• Data:
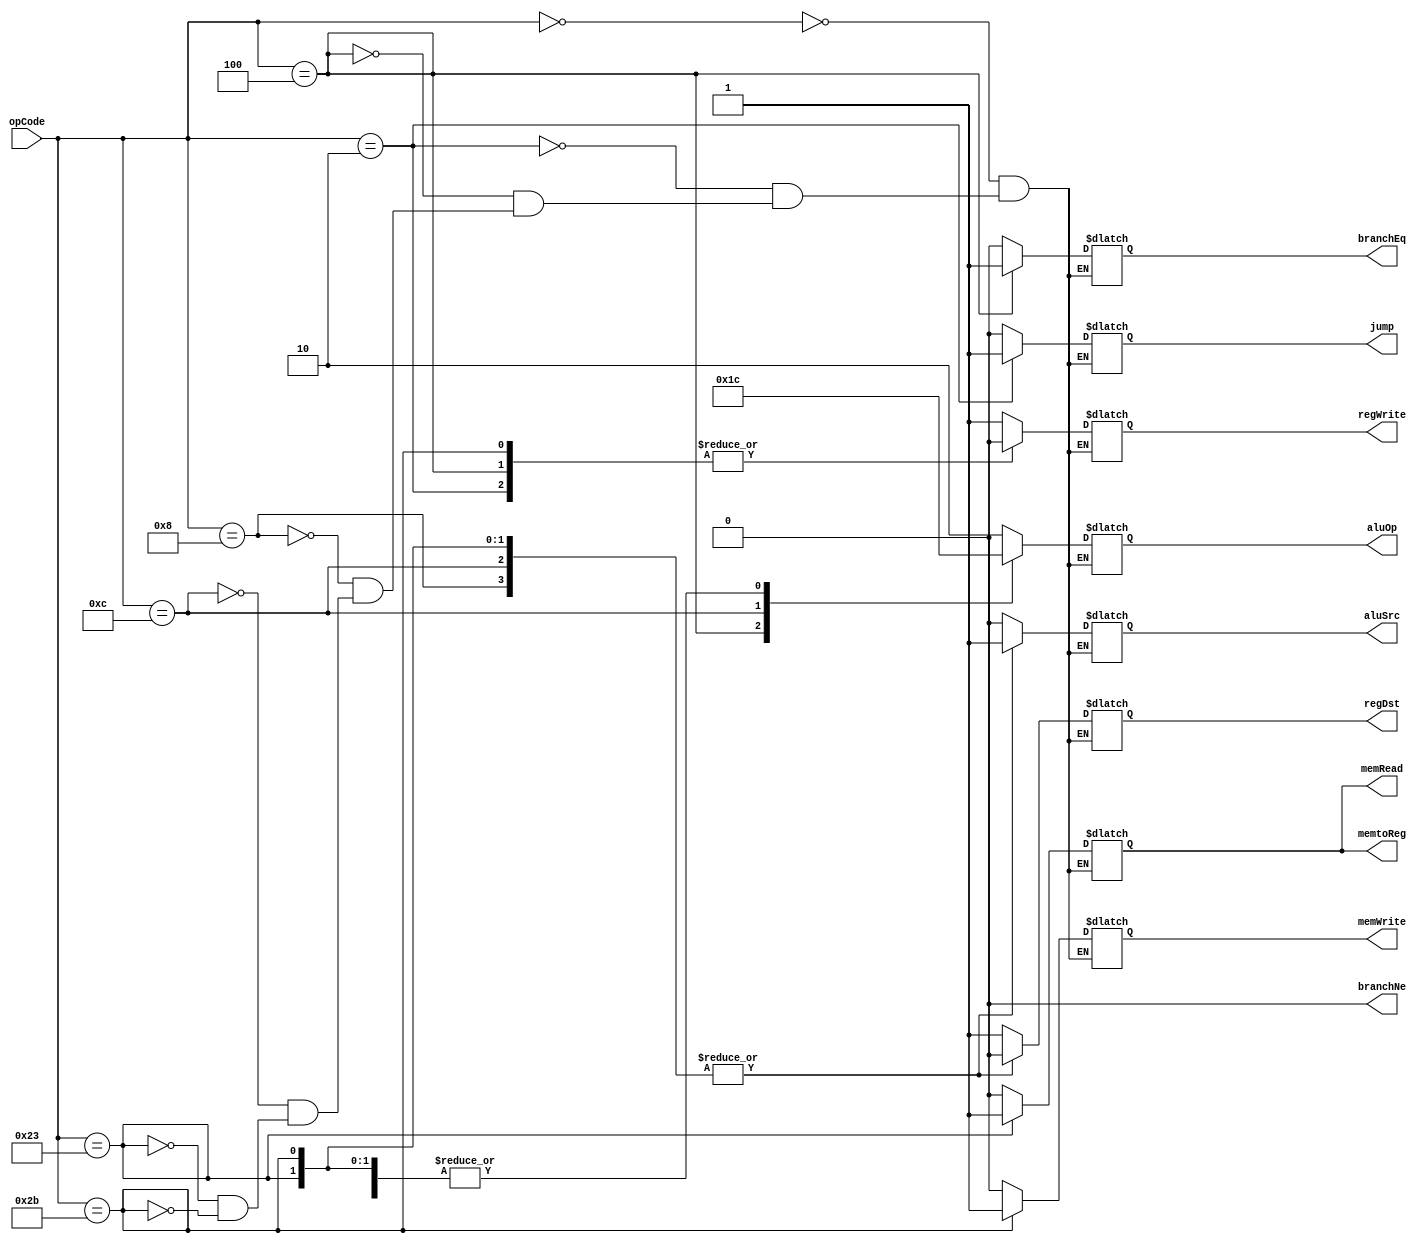
`ifndef MODULE_CONTROL
`define MODULE_CONTROL
`timescale 1ns / 1ps

module Control (
    input       [5:0]   opCode,
    output reg          regDst,
                        jump,
                        branchEq,
                        branchNe,
                        memRead,
                        memtoReg,
                        memWrite,
                        aluSrc,
                        regWrite,
    output reg  [1:0]   aluOp
);

    initial begin
        regDst      = 1'b0;
        jump        = 1'b0;
        branchEq    = 1'b0;
        branchNe    = 1'b0;
        memRead     = 1'b0;
        memtoReg    = 1'b0;
        memWrite    = 1'b0;
        aluSrc      = 1'b0;
        regWrite    = 1'b0;
        aluOp       = 2'b00;
    end

    always @ ( opCode ) begin
        case (opCode)
            6'b000000: begin // R-type
                regDst      <= 1'b1;
                jump        <= 1'b0;
                branchEq    <= 1'b0;
                branchNe    <= 1'b0;
                memRead     <= 1'b0;
                memtoReg    <= 1'b0;
                memWrite    <= 1'b0;
                aluSrc      <= 1'b0;
                regWrite    <= 1'b1;
                aluOp       <= 2'b10;
            end
            6'b000010: begin // j
                regDst      <= 1'b1;
                jump        <= 1'b1;
                branchEq    <= 1'b0;
                branchNe    <= 1'b0;
                memRead     <= 1'b0;
                memtoReg    <= 1'b0;
                memWrite    <= 1'b0;
                aluSrc      <= 1'b0;
                regWrite    <= 1'b0;
                aluOp       <= 2'b10;
			end
            6'b000100: begin // beq
                regDst      <= 1'b1;
                jump        <= 1'b0;
                branchEq    <= 1'b1;
                branchNe    <= 1'b0;
                memRead     <= 1'b0;
                memtoReg    <= 1'b0;
                memWrite    <= 1'b0;
                aluSrc      <= 1'b0;
                regWrite    <= 1'b0;
                aluOp       <= 2'b01;
            end
            6'b000100: begin // bne
                regDst      <= 1'b1;
                jump        <= 1'b0;
                branchEq    <= 1'b0;
                branchNe    <= 1'b1;
                memRead     <= 1'b0;
                memtoReg    <= 1'b0;
                memWrite    <= 1'b0;
                aluSrc      <= 1'b0;
                regWrite    <= 1'b0;
                aluOp       <= 2'b01;
            end
            6'b001000: begin // addi
                regDst      <= 1'b0;
                jump        <= 1'b0;
                branchEq    <= 1'b0;
                branchNe    <= 1'b0;
                memRead     <= 1'b0;
                memtoReg    <= 1'b0;
                memWrite    <= 1'b0;
                aluSrc      <= 1'b1;
                regWrite    <= 1'b1;
                aluOp       <= 2'b00;
            end
            6'b001100: begin // andi
                regDst      <= 1'b0;
                jump        <= 1'b0;
                branchEq    <= 1'b0;
                branchNe    <= 1'b0;
                memRead     <= 1'b0;
                memtoReg    <= 1'b0;
                memWrite    <= 1'b0;
                aluSrc      <= 1'b1;
                regWrite    <= 1'b1;
                aluOp       <= 2'b11;
            end
            6'b100011: begin // lw
                regDst      <= 1'b0;
                jump        <= 1'b0;
                branchEq    <= 1'b0;
                branchNe    <= 1'b0;
                memRead     <= 1'b1;
                memtoReg    <= 1'b1;
                memWrite    <= 1'b0;
                aluSrc      <= 1'b1;
                regWrite    <= 1'b1;
                aluOp       <= 2'b00;
			end
            6'b101011: begin // sw
                regDst      <= 1'b0;
                jump        <= 1'b0;
                branchEq    <= 1'b0;
                branchNe    <= 1'b0;
                memRead     <= 1'b0;
                memtoReg    <= 1'b0;
                memWrite    <= 1'b1;
                aluSrc      <= 1'b1;
                regWrite    <= 1'b0;
                aluOp       <= 2'b00;
			end

            default: ;
        endcase
    end

endmodule // control

`endif // MODULE_CONTROL
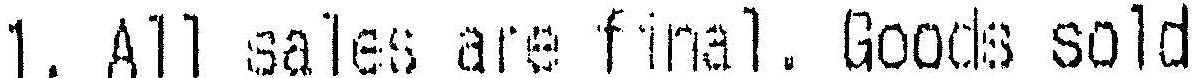
1. ALL SALES ARE FINAL. GOODS SOLD
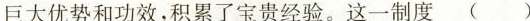
巨大优势和功效，积累了宝贵经验。这一制度 ( )
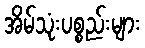
အိမ်သုံးပစ္စည်းများ
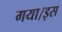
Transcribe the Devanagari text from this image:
गया।इस
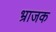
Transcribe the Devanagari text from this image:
भ्राजक
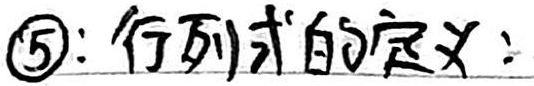
\textcircled{5}：行列式的定义：
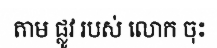
តាម ផ្លូវ របស់ លោក ចុះ
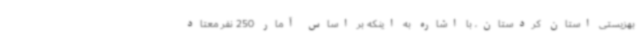
بهزیستی استان کردستان، با اشاره به اینکه بر اساس آمار 250 نفر معتاد
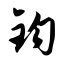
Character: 钧
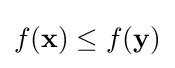
f(\mathbf {x} )\leq f(\mathbf {y} )
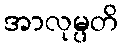
အာလုမ္ပတိ
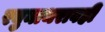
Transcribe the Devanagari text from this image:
रघुनाथरावही
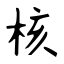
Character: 核
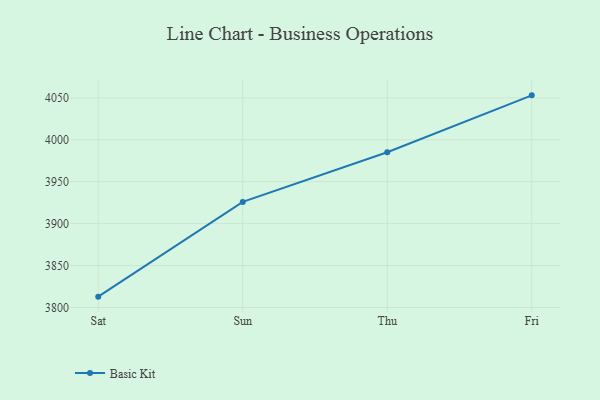
{"axis": {"x": "Day", "y": "Market Share (%)"}, "legend": ["Basic Kit"], "data": [{"x": "Sat", "y": 3812.9, "type": "Basic Kit"}, {"x": "Sun", "y": 3925.9, "type": "Basic Kit"}, {"x": "Thu", "y": 3985.2, "type": "Basic Kit"}, {"x": "Fri", "y": 4053.0, "type": "Basic Kit"}]}
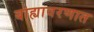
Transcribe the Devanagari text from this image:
बाह्यावरणात
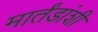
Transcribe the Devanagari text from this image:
मार्तंडांशी
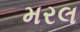
મરલ
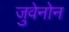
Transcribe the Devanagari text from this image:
जुवेनोन
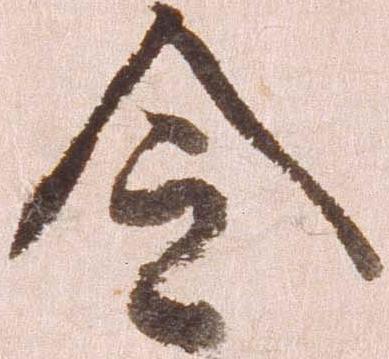
令
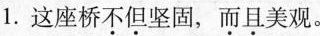
1.这座桥不但坚固，而且美观。
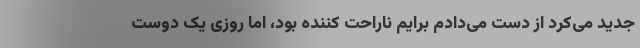
جدید می‌کرد از دست می‌دادم برایم ناراحت کننده بود، اما روزی یک دوست
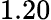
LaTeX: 1.20
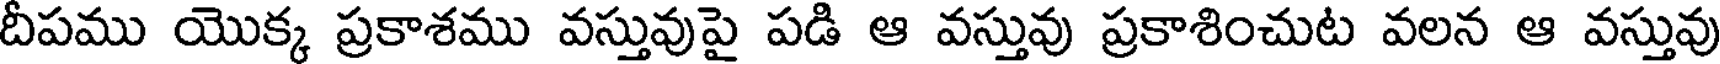
దీపము యొక్క ప్రకాశము వస్తువుపై పడి ఆ వస్తువు ప్రకాశించుట వలన ఆ వస్తువు
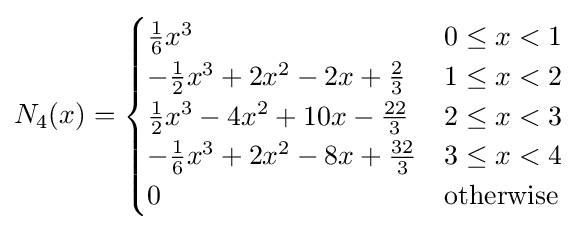
N_{4}(x)={\begin{cases}{\frac {1}{6}}x^{3}&0\leq x<1\\-{\frac {1}{2}}x^{3}+2x^{2}-2x+{\frac {2}{3}}&1\leq x<2\\{\frac {1}{2}}x^{3}-4x^{2}+10x-{\frac {22}{3}}&2\leq x<3\\-{\frac {1}{6}}x^{3}+2x^{2}-8x+{\frac {32}{3}}&3\leq x<4\\0&{\text{otherwise}}\end{cases}}
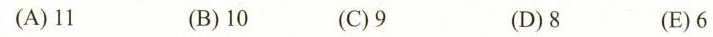
(A)11 (B)10 (C)9 (D)8 (E)6
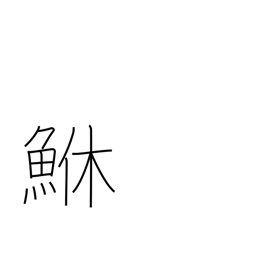
Meaning: rockfish
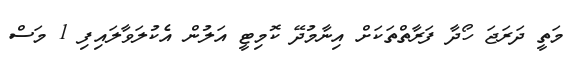
މަތީ ދަރަޖަ ހޯދާ ފަރާތްތަކަށް އިނާމުދޭ ކޮމިޓީ އަލުން އެކުލަވާލައިފި 1 މަސް
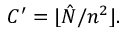
C ^ { \prime } = \lfloor \hat { N } / n ^ { 2 } \rfloor .
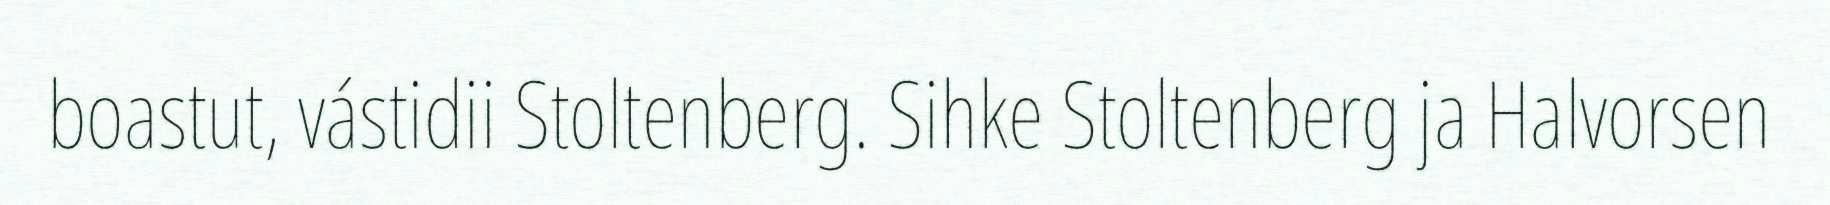
boastut, vástidii Stoltenberg. Sihke Stoltenberg ja Halvorsen
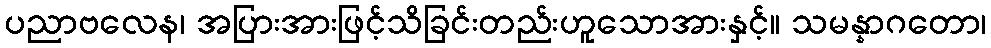
ပညာဗလေန၊ အပြားအားဖြင့်သိခြင်းတည်းဟူသောအားနှင့်။ သမန္နာဂတော၊
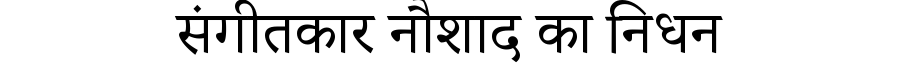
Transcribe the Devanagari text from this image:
संगीतकार नौशाद का निधन

• Directions: In how many lines of the records does the string "output" occur? Answer with the number alone.

• The answer: 2